**About this task:** Retype the records in full, and please keep the pictures out of the copy.

**Dataset entries:**
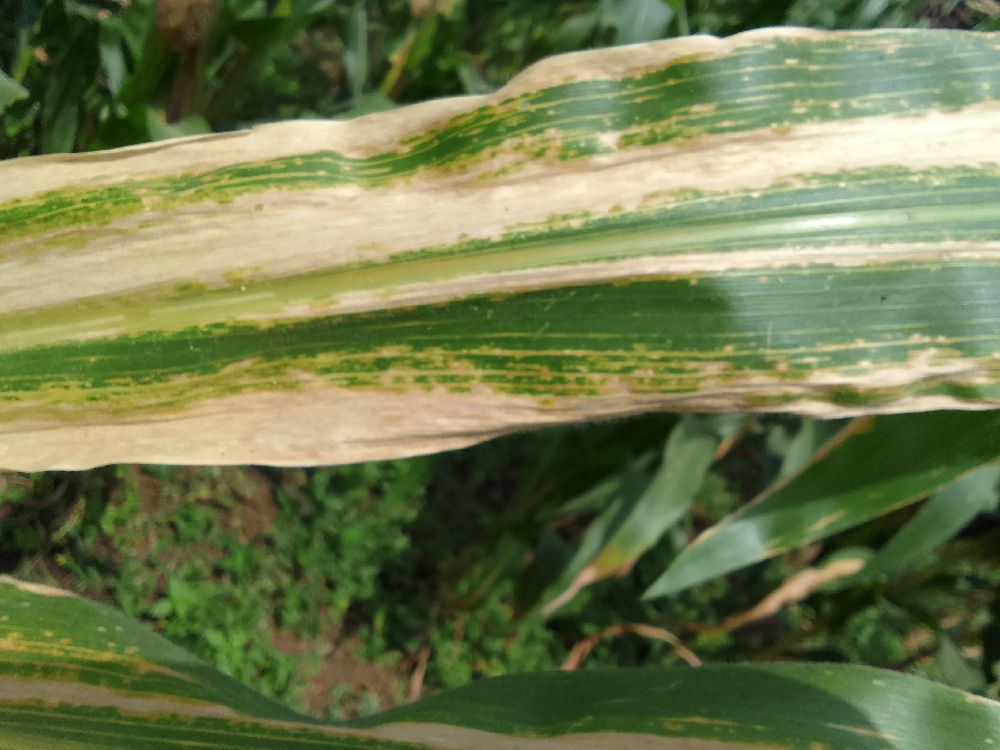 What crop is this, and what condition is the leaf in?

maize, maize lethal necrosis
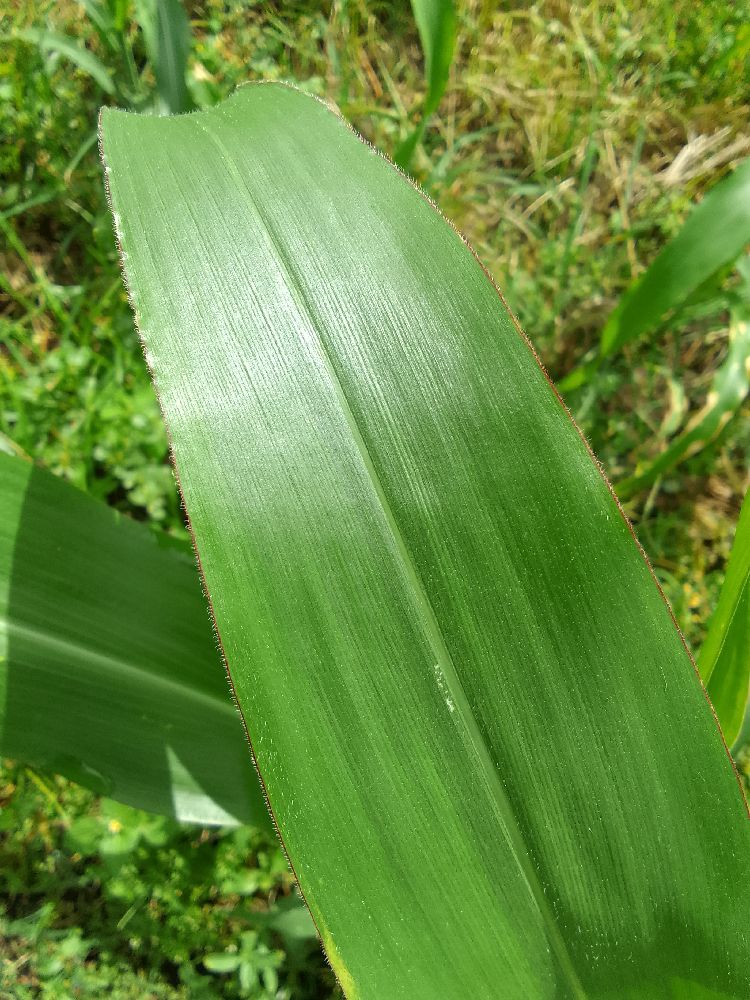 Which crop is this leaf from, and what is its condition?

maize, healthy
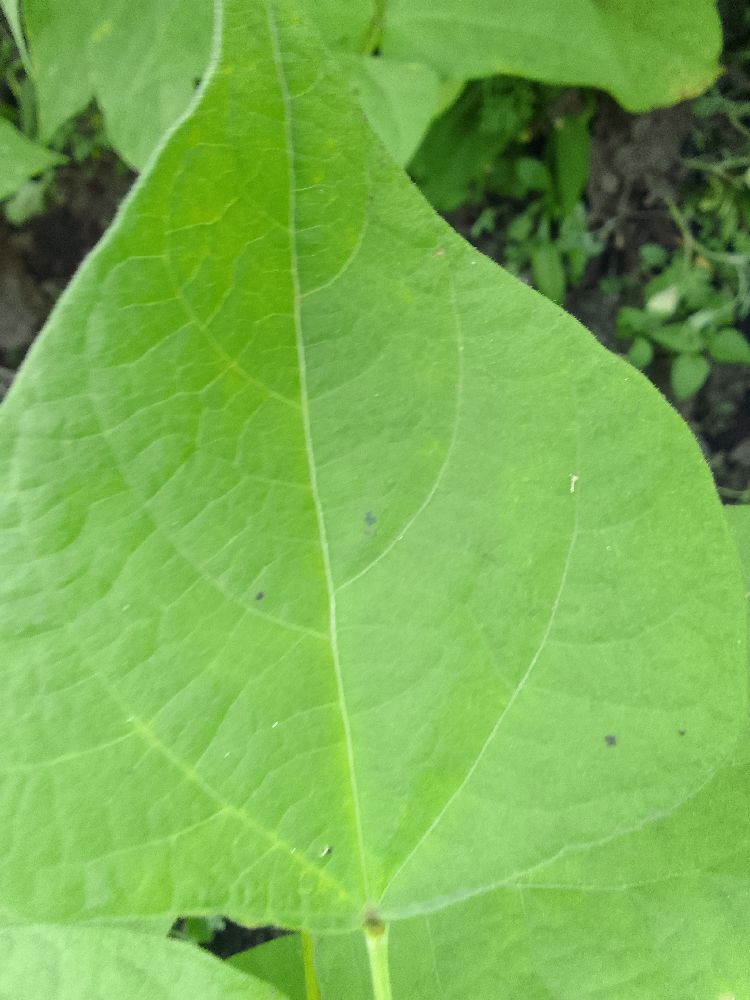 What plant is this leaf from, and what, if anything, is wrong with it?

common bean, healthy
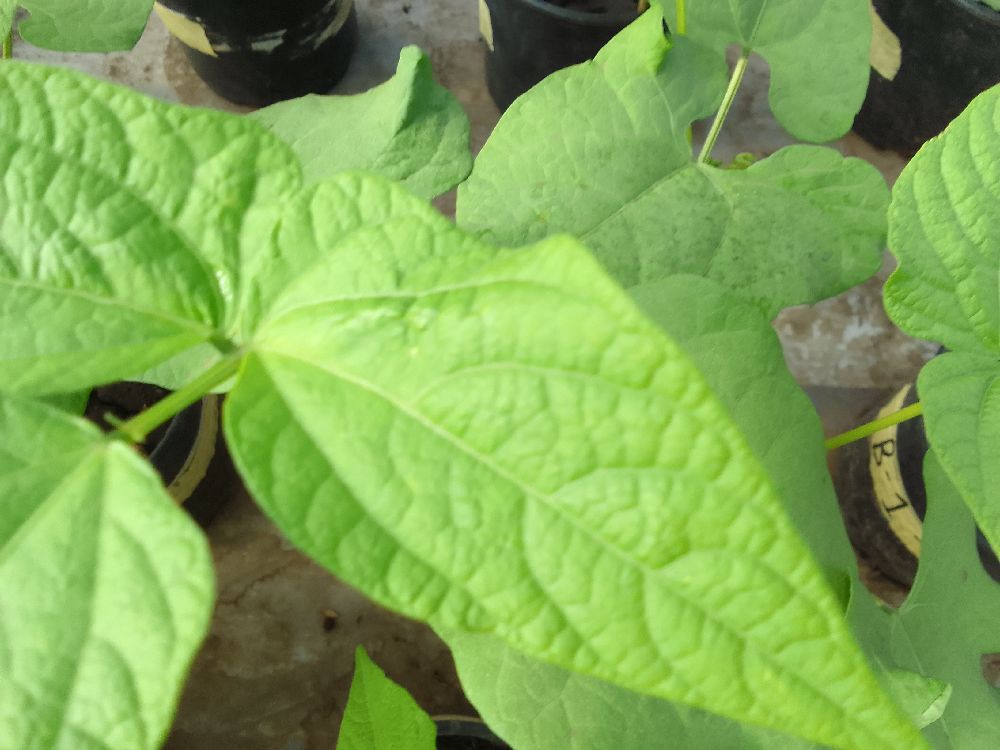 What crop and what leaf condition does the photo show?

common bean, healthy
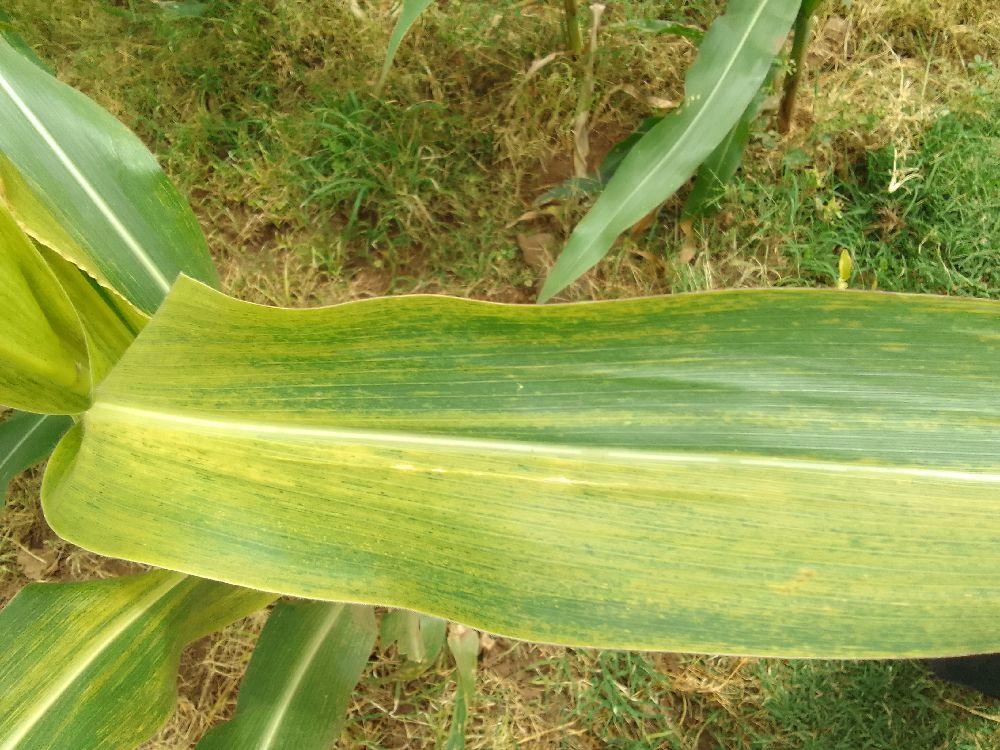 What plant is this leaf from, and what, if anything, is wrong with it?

**Output for this exercise:**
 What crop is this, and what condition is the leaf in?

maize, maize lethal necrosis
 Which crop is this leaf from, and what is its condition?

maize, healthy
 What plant is this leaf from, and what, if anything, is wrong with it?

common bean, healthy
 What crop and what leaf condition does the photo show?

common bean, healthy
 What plant is this leaf from, and what, if anything, is wrong with it?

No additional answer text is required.